[Dataset records]
--------------------------------------------------
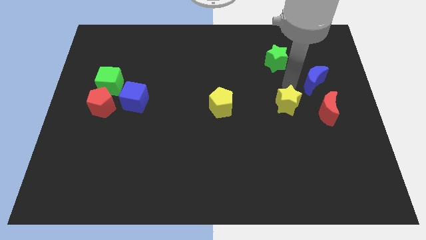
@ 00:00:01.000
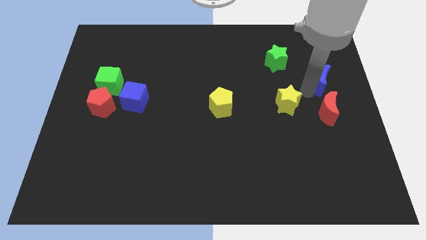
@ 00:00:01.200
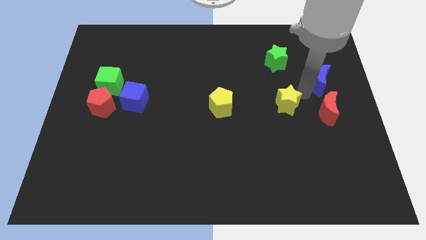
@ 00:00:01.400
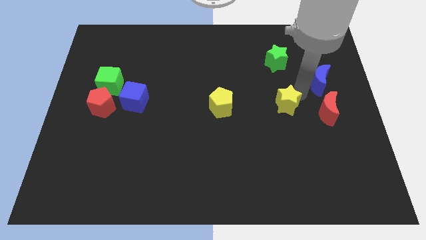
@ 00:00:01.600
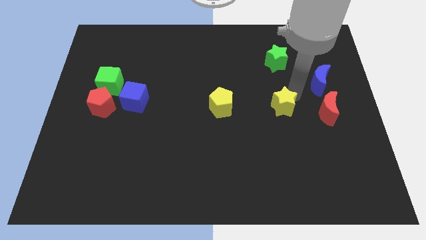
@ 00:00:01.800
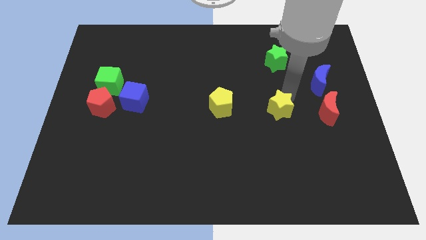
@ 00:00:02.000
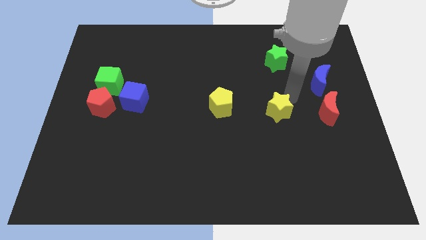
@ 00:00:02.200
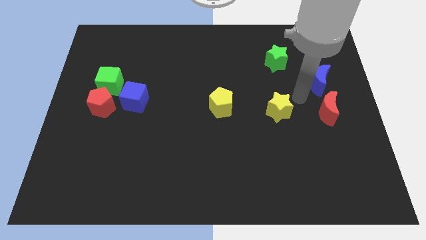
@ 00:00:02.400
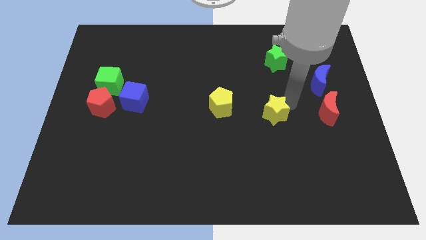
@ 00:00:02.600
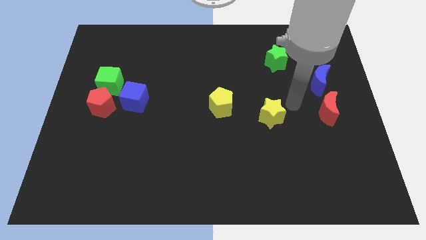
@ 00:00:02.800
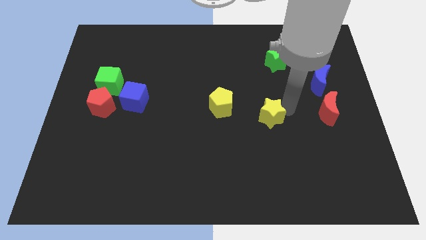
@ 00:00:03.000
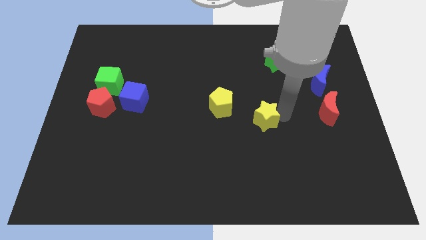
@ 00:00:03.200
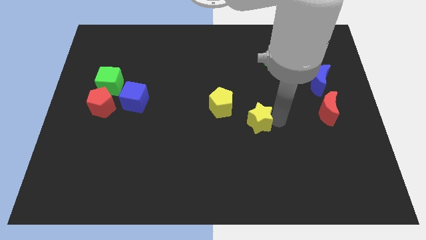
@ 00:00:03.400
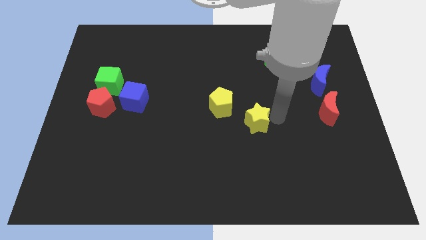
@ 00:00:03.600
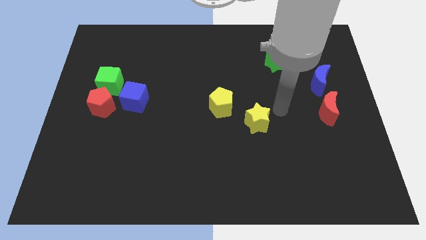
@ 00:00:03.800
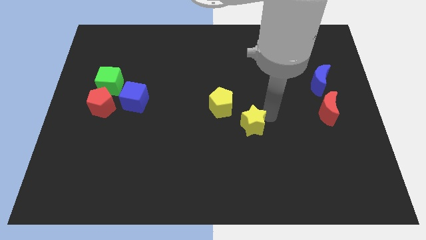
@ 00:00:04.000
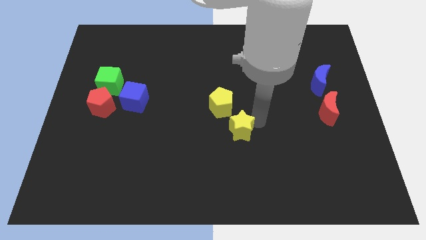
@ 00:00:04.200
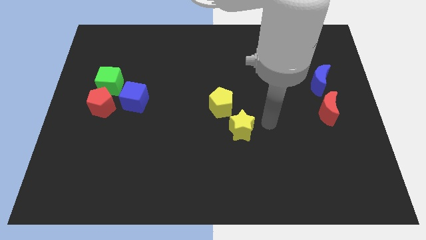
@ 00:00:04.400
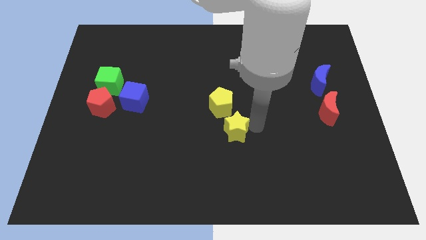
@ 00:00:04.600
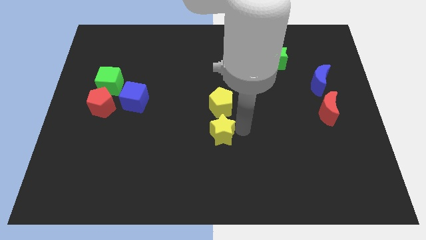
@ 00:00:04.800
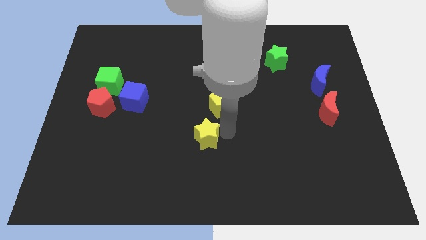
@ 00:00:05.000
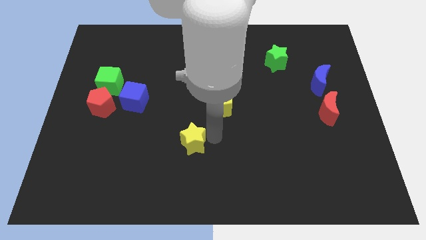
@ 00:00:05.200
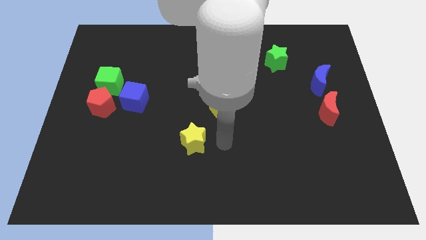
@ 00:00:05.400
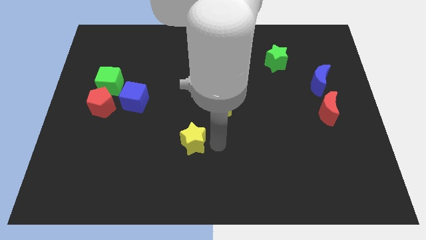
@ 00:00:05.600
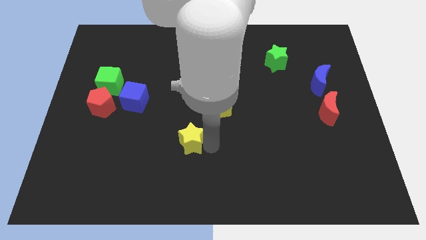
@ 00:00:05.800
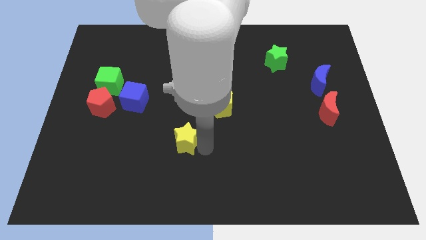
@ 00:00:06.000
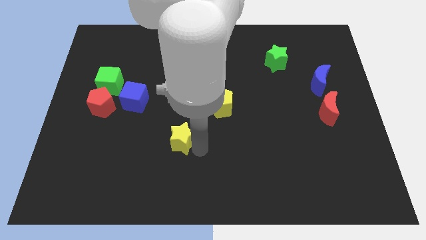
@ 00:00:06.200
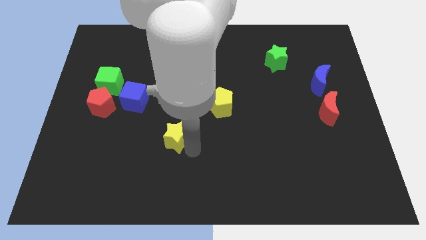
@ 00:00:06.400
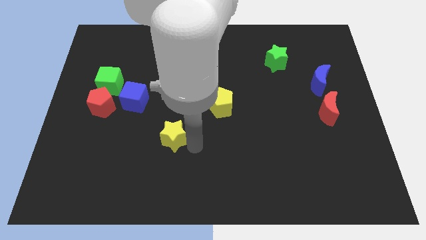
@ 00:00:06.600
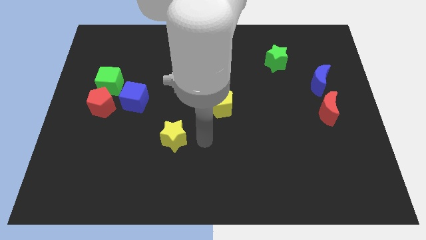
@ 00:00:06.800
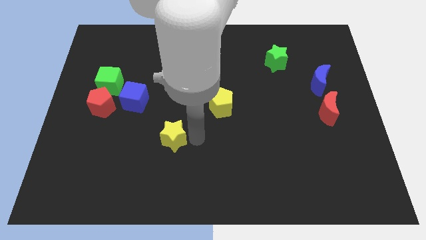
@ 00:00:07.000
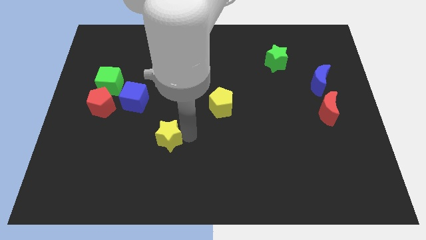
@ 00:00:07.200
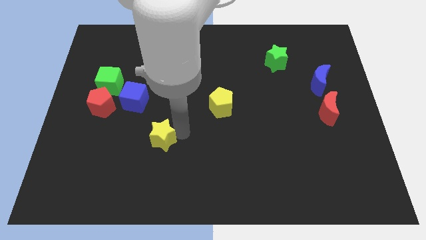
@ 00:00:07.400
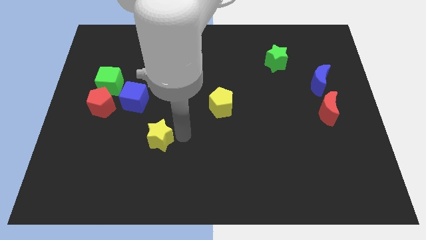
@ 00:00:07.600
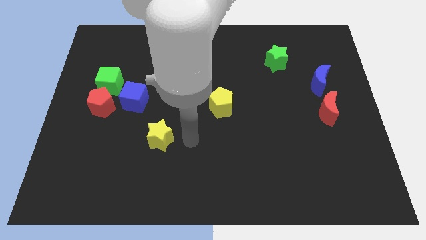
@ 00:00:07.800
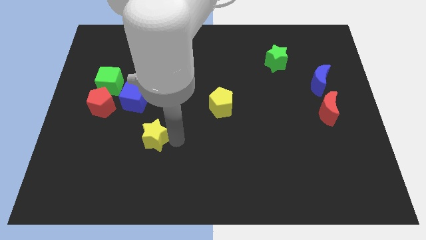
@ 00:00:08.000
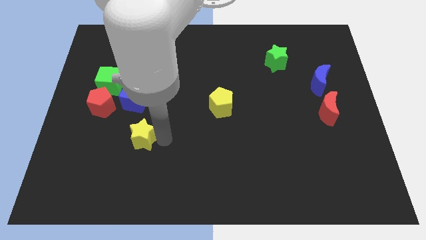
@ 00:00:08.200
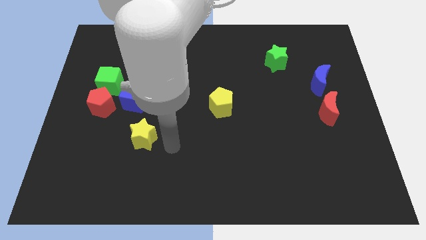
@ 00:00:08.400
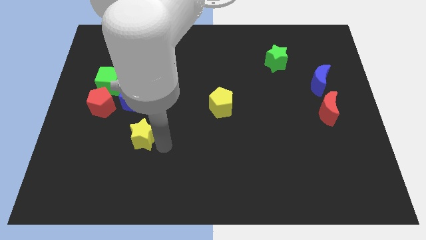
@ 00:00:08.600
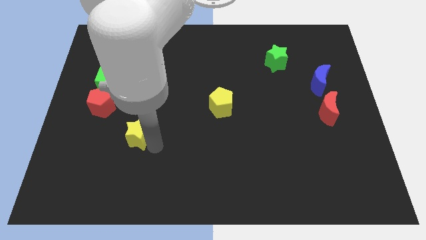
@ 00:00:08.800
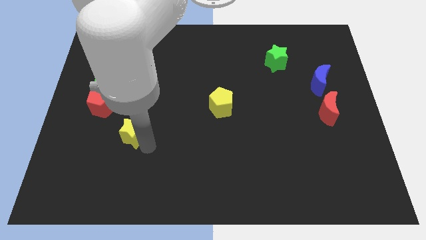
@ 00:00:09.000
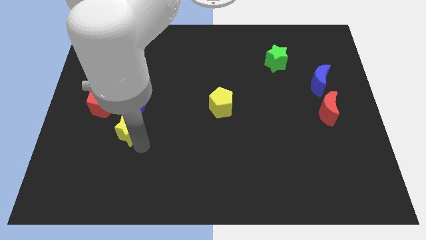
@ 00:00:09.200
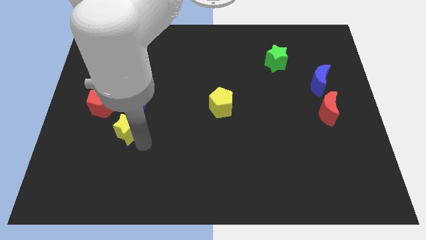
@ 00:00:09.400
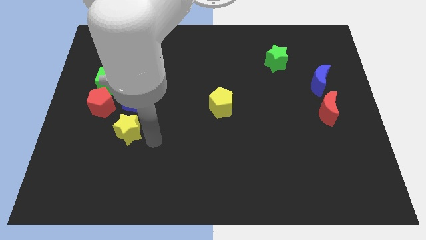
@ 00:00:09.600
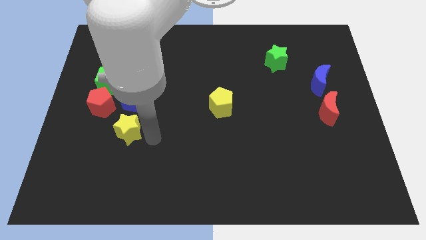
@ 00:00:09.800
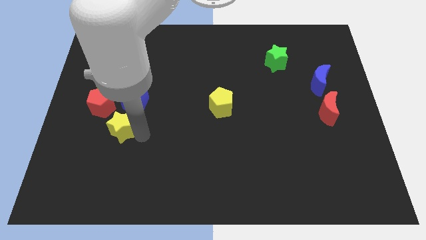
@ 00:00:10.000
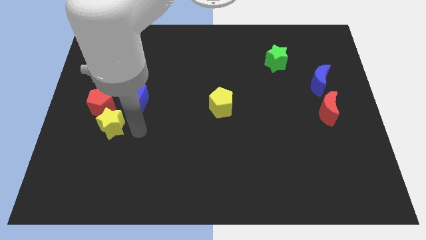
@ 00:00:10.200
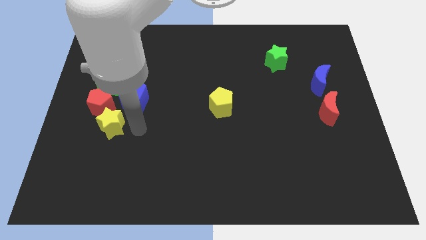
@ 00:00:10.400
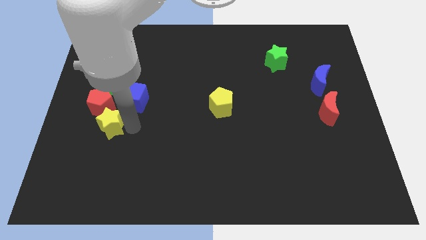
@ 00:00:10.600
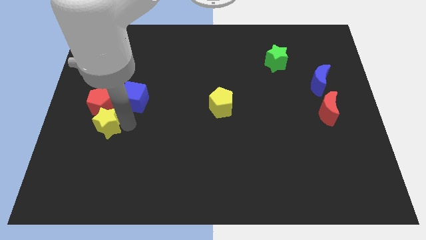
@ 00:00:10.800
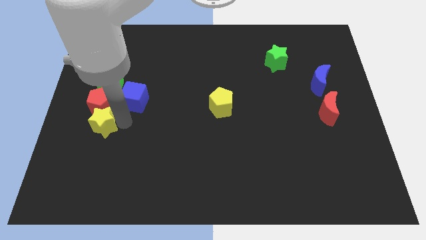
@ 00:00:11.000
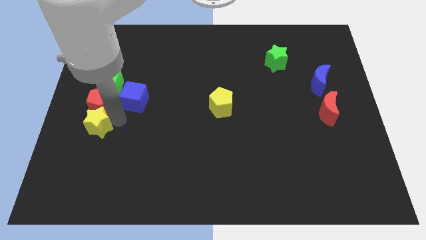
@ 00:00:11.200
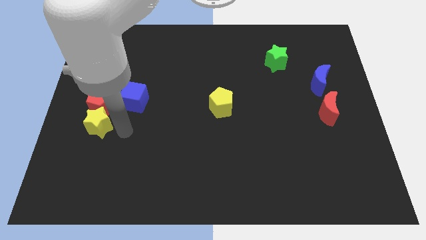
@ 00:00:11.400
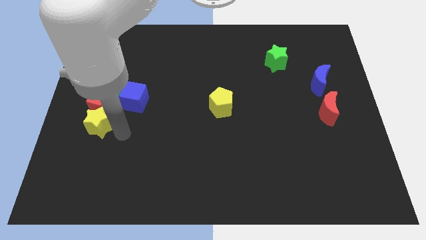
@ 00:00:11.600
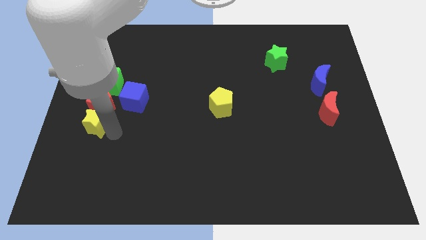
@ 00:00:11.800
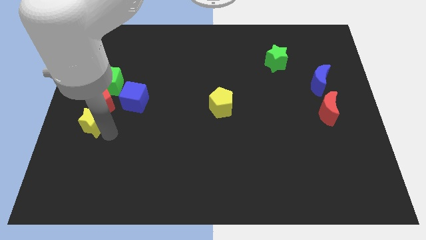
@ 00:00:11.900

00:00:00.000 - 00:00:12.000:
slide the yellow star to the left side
--------------------------------------------------
• _What the task asks_: Repeat every line of the data above exactly, but drop the pictures.

• _Output of the task_:
@ 00:00:01.000
@ 00:00:01.200
@ 00:00:01.400
@ 00:00:01.600
@ 00:00:01.800
@ 00:00:02.000
@ 00:00:02.200
@ 00:00:02.400
@ 00:00:02.600
@ 00:00:02.800
@ 00:00:03.000
@ 00:00:03.200
@ 00:00:03.400
@ 00:00:03.600
@ 00:00:03.800
@ 00:00:04.000
@ 00:00:04.200
@ 00:00:04.400
@ 00:00:04.600
@ 00:00:04.800
@ 00:00:05.000
@ 00:00:05.200
@ 00:00:05.400
@ 00:00:05.600
@ 00:00:05.800
@ 00:00:06.000
@ 00:00:06.200
@ 00:00:06.400
@ 00:00:06.600
@ 00:00:06.800
@ 00:00:07.000
@ 00:00:07.200
@ 00:00:07.400
@ 00:00:07.600
@ 00:00:07.800
@ 00:00:08.000
@ 00:00:08.200
@ 00:00:08.400
@ 00:00:08.600
@ 00:00:08.800
@ 00:00:09.000
@ 00:00:09.200
@ 00:00:09.400
@ 00:00:09.600
@ 00:00:09.800
@ 00:00:10.000
@ 00:00:10.200
@ 00:00:10.400
@ 00:00:10.600
@ 00:00:10.800
@ 00:00:11.000
@ 00:00:11.200
@ 00:00:11.400
@ 00:00:11.600
@ 00:00:11.800
@ 00:00:11.900

00:00:00.000 - 00:00:12.000:
slide the yellow star to the left side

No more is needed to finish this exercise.